According to a second species of the present invention, an electronically steerable antenna is provided comprising an input matching section, an electrooptic deflector coupled to the input matching section, means coupled to the electrooptic deflector for amplifying the angle of refraction of the electromagnetic wave refracted by the electrooptic deflector and an output matching section coupled between the electrooptical deflector and the amplifying means. The electrooptic deflector includes first and second sections of electrooptical material, having first and second indices of refraction, respectively. A voltage is applied to either the first or second section. The first or second section are responsive to changes in the voltage by changing the index of refraction of the respective section, causing an electromagnetic wave travelling from the first section to the second section to be refracted. Input matching section includes at least one impedance matching portion for effecting maximum power transfer from the waveguide to the electrooptic deflector. The amplifying means includes electrooptical material having a varying index of refraction.

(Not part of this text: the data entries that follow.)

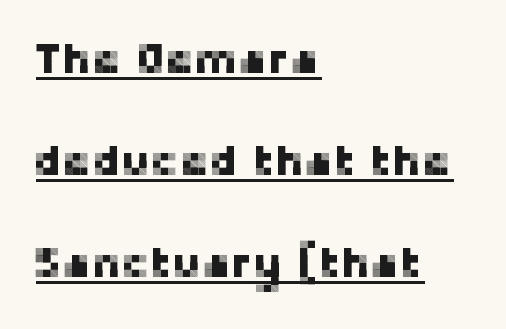
{"serif": "no", "italic": "no", "width": "normal", "stroke_contrast": "low", "x_height": "medium", "monospaced": "no", "underline": "yes", "align": "left", "line_spacing": "loose", "line_spacing_ratio": 2.32, "letter_spacing": "normal", "letter_spacing_em": 0.0, "glyph_px": 44}
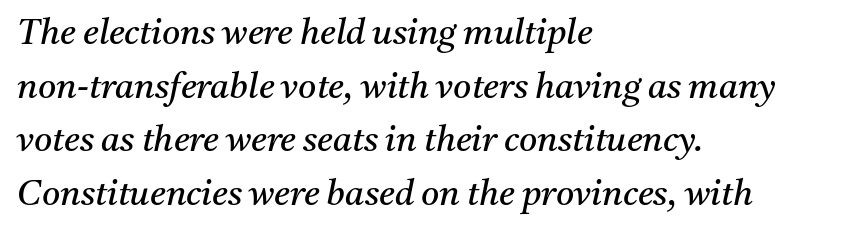
{"serif": "yes", "italic": "yes", "lean": "right", "slant_degrees": 11, "bold": "no", "weight": "regular", "width": "normal", "stroke_contrast": "medium", "x_height": "medium", "monospaced": "no", "underline": "no", "align": "left", "line_spacing": "normal", "line_spacing_ratio": 1.53, "letter_spacing": "normal", "letter_spacing_em": 0.0, "glyph_px": 35}
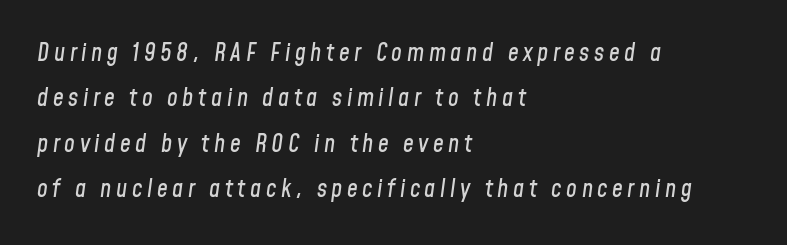
{"italic": "yes", "lean": "right", "slant_degrees": 8, "underline": "no", "align": "left", "line_spacing_ratio": 1.89, "glyph_px": 24}
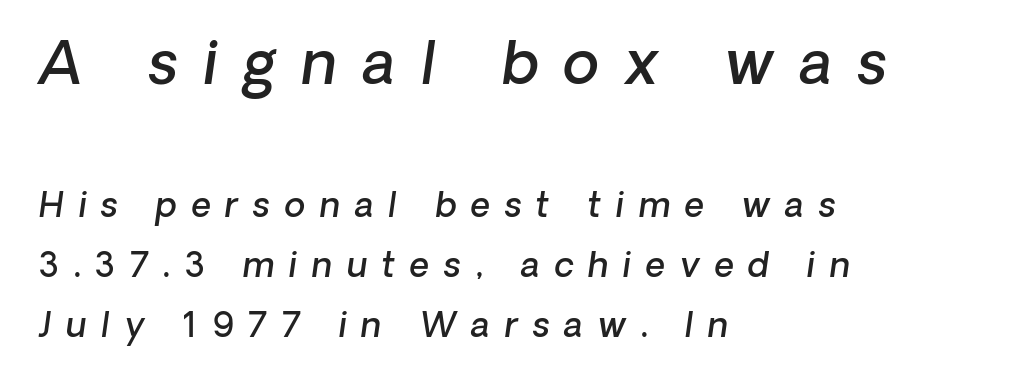
{"italic": "yes", "lean": "right", "slant_degrees": 8, "bold": "semi", "weight": "semibold", "width": "normal", "stroke_contrast": "low", "x_height": "medium", "monospaced": "no", "underline": "no", "align": "left", "line_spacing_ratio": 1.77, "letter_spacing": "wide", "letter_spacing_em": 0.43, "larger_block": "first", "size_ratio": 1.74, "glyph_px": 59}
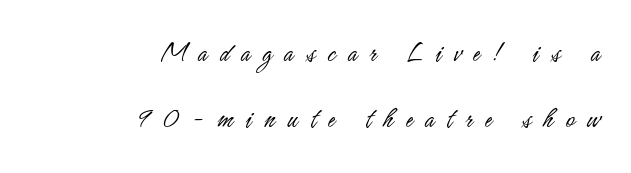
The image shows 30 px light, condensed sans-serif type; set right-aligned, loose line spacing (2.21x), unusually wide letter spacing (+0.41 em), not underlined; low stroke contrast and a small x-height.
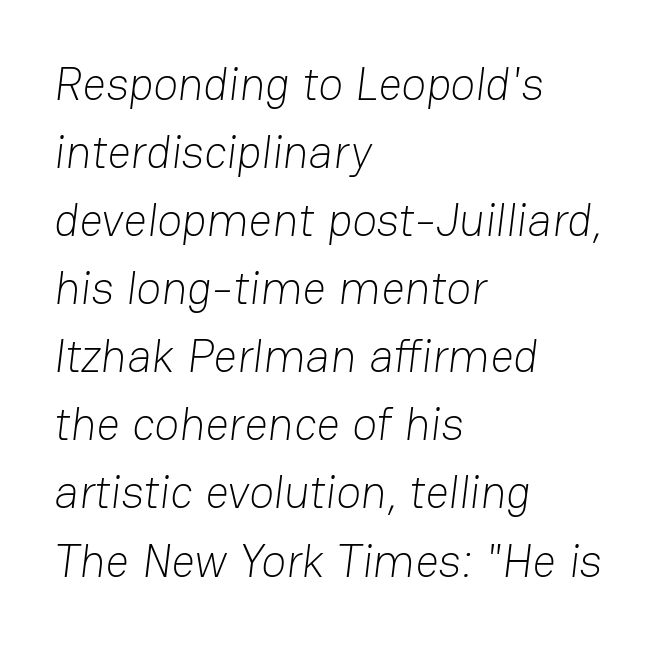
The face used here is proportionally spaced, like ordinary book or web type. The typesetting does not lean heavy: it is not bold. This rendering uses left alignment, leaving the right contour irregular. Normally led — the rows are evenly, conventionally spaced.
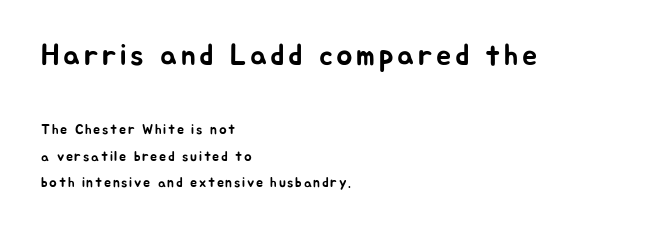
Here the first block reads like a headline and the second like body copy. Each new line begins a long way beneath the previous one. The space beneath each line is pristine and unruled. This is roman type, the default non-slanted kind. A classic flush-left, rag-right setting is used for this passage.
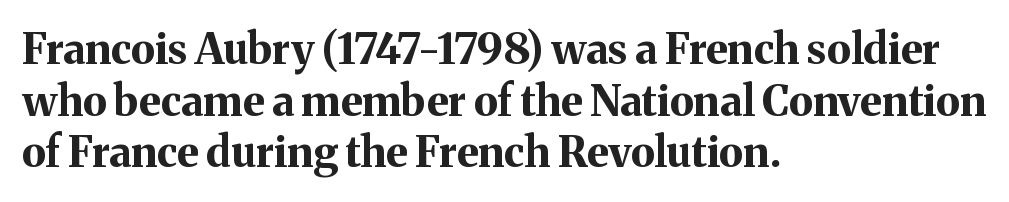
It's the straight-up-and-down kind of type. All the whitespace from short lines collects on the right. Chunky letters — that's bold for sure. Does the type have serifs? Yes, each stem ends in a small foot. Bare-footed words on every line.
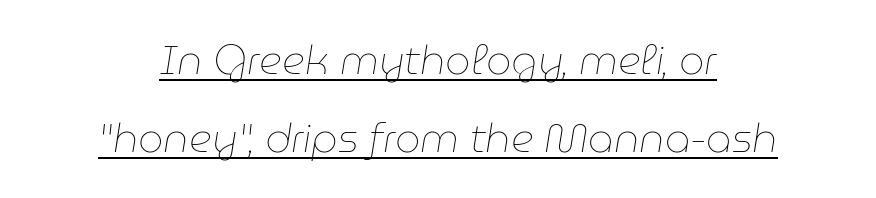
Q: Is the text bold? A: No.
Q: Is the text italic (slanted)? A: Yes, it leans right by about 9 degrees.
Q: Is the text underlined? A: Yes.
Q: How is the paragraph aligned? A: Centered.
Q: Is the spacing between letters normal or unusually wide? A: Normal.
Q: Is the spacing between lines tight, normal or loose? A: Loose.
Q: Width (condensed, normal, or wide)? A: Normal.
Q: Stroke contrast? A: Low.
Q: x-height? A: Medium.
Q: Monospaced? A: No.

Output matching section includes at least one impedance matching portion for effecting maximum power transfer from the amplifying means to free space.

Additional objects and advantages of the invention will be set forth in part in the description which follows, and in part will be obvious from the description, or may be learned by practice of the invention.

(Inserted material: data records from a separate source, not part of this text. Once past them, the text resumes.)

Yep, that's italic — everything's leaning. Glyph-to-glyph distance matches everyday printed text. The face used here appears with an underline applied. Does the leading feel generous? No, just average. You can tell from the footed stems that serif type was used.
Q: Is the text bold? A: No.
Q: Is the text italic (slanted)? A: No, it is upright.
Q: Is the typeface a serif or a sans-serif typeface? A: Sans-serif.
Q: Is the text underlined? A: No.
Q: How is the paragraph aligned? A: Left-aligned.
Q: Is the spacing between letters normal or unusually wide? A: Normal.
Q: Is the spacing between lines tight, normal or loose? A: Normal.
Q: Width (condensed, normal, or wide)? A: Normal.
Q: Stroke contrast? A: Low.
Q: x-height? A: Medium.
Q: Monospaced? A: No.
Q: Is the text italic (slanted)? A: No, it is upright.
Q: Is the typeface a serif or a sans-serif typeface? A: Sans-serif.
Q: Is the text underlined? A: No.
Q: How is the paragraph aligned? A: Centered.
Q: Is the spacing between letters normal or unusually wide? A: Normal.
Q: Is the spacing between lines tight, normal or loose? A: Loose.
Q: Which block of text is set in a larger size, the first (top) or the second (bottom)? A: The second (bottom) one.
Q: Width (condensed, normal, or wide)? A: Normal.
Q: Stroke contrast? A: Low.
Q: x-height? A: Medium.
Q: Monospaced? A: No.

The accompanying drawings, which are incorporated in and constitute a part of this specification, illustrate a preferred embodiment of the invention and, together with the description, serve to explain the principles of the invention.

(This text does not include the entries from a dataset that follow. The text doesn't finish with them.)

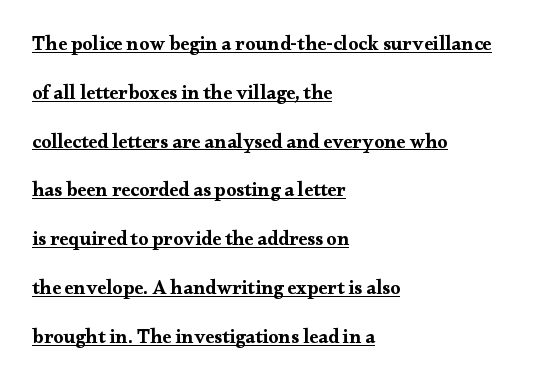
Q: Is the text bold? A: Yes.
Q: Is the text italic (slanted)? A: No, it is upright.
Q: Is the text underlined? A: Yes.
Q: How is the paragraph aligned? A: Left-aligned.
Q: Is the spacing between letters normal or unusually wide? A: Normal.
Q: Is the spacing between lines tight, normal or loose? A: Loose.
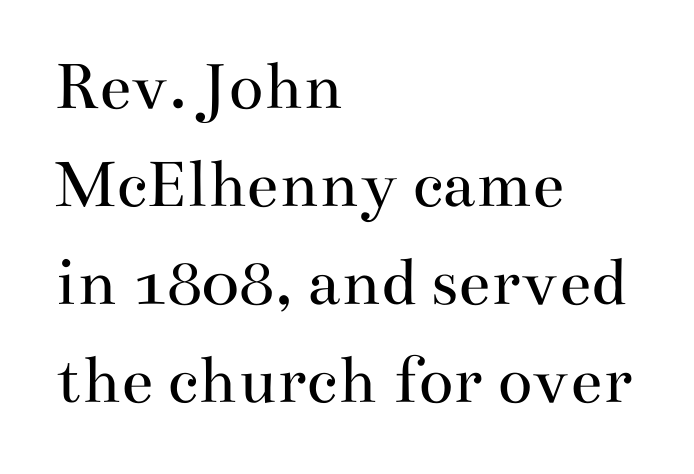
Q: Is the text bold? A: No.
Q: Is the text italic (slanted)? A: No, it is upright.
Q: Is the typeface a serif or a sans-serif typeface? A: Serif.
Q: Is the text underlined? A: No.
Q: How is the paragraph aligned? A: Left-aligned.
Q: Is the spacing between letters normal or unusually wide? A: Normal.
Q: Is the spacing between lines tight, normal or loose? A: Normal.
Q: Width (condensed, normal, or wide)? A: Wide.
Q: Stroke contrast? A: Medium.
Q: x-height? A: Small.
Q: Monospaced? A: No.
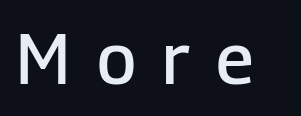
If you drew a line through each stem, it would be perfectly vertical. Nothing sits at the stroke ends, so this counts as sans-serif. A fair bit of extra ink — the face is semibold, not bold. Underlining? Definitely not there.
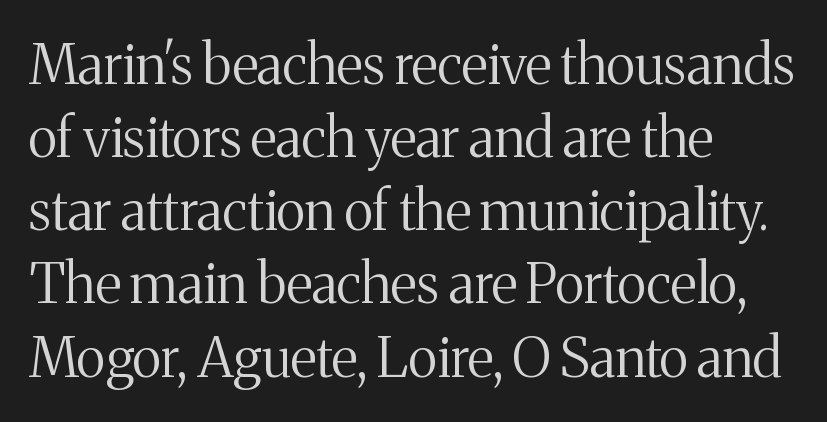
{"serif": "yes", "italic": "no", "bold": "no", "weight": "regular", "width": "normal", "stroke_contrast": "medium", "x_height": "medium", "monospaced": "no", "underline": "no", "align": "left", "line_spacing": "normal", "line_spacing_ratio": 1.33, "letter_spacing": "normal", "letter_spacing_em": 0.0, "glyph_px": 55}
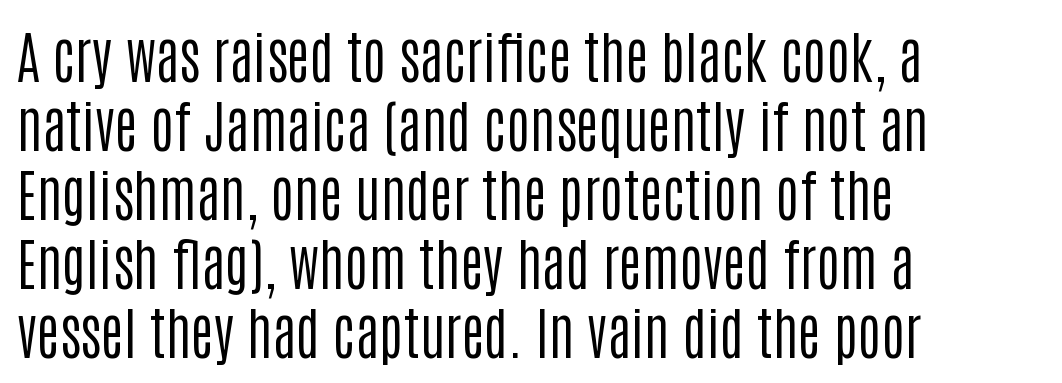
Q: Is the text bold? A: No.
Q: Is the text italic (slanted)? A: No, it is upright.
Q: Is the typeface a serif or a sans-serif typeface? A: Sans-serif.
Q: Is the text underlined? A: No.
Q: How is the paragraph aligned? A: Left-aligned.
Q: Is the spacing between letters normal or unusually wide? A: Normal.
Q: Width (condensed, normal, or wide)? A: Condensed.
Q: Stroke contrast? A: Low.
Q: x-height? A: Large.
Q: Monospaced? A: No.
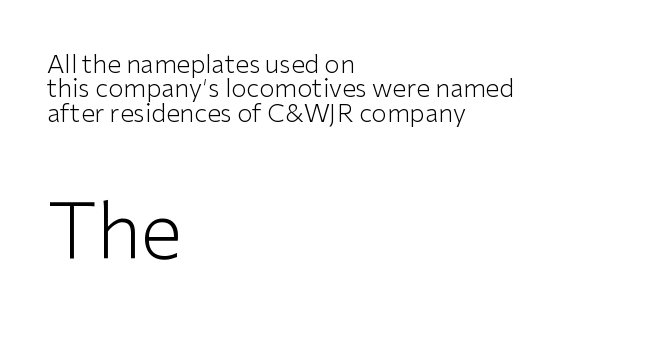
The image shows 76 px light sans-serif type, upright; set left-aligned, tight line spacing (0.98x), normal letter spacing, not underlined; the second (bottom) block is 3.04x larger; low stroke contrast and a medium x-height.
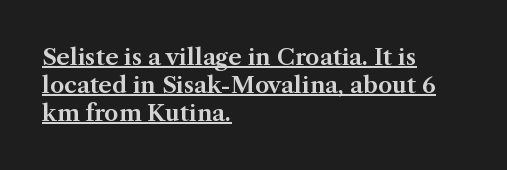
{"italic": "no", "underline": "yes", "align": "left", "line_spacing_ratio": 1.22, "letter_spacing": "normal", "letter_spacing_em": 0.0, "glyph_px": 23}
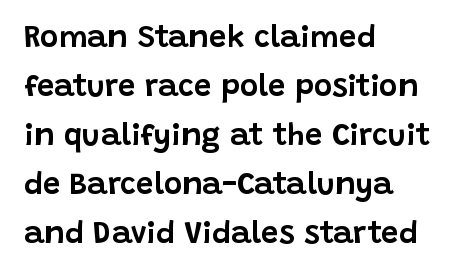
{"serif": "no", "italic": "no", "width": "normal", "stroke_contrast": "low", "x_height": "large", "monospaced": "no", "underline": "no", "align": "left", "line_spacing": "normal", "line_spacing_ratio": 1.58, "letter_spacing": "normal", "letter_spacing_em": 0.0, "glyph_px": 31}
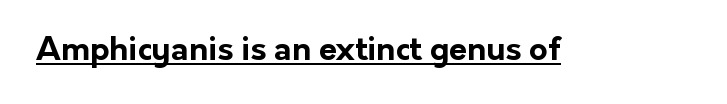
{"serif": "no", "italic": "no", "bold": "yes", "weight": "bold", "width": "normal", "stroke_contrast": "low", "x_height": "medium", "monospaced": "no", "underline": "yes", "letter_spacing": "normal", "letter_spacing_em": 0.0, "glyph_px": 32}

FIGS. 1A and 1B are top and side, respectively, block diagrammatic views of a first embodiment of an electronically steerable antenna according to the present invention;

FIG. 2 is a block diagrammatic view of a matching section as used with the electronically steerable antenna according to the present invention;

FIG. 3 is a block diagrammatic view of the first embodiment of the present invention illustrating ray paths of an electromagnetic wave;

FIG. 4 is a block diagrammatic view of a second embodiment of an electronically steerable antenna according to the present invention; and

FIG. 5 is a block diagrammatic view of another embodiment of an electrooptic deflector according to the present invention.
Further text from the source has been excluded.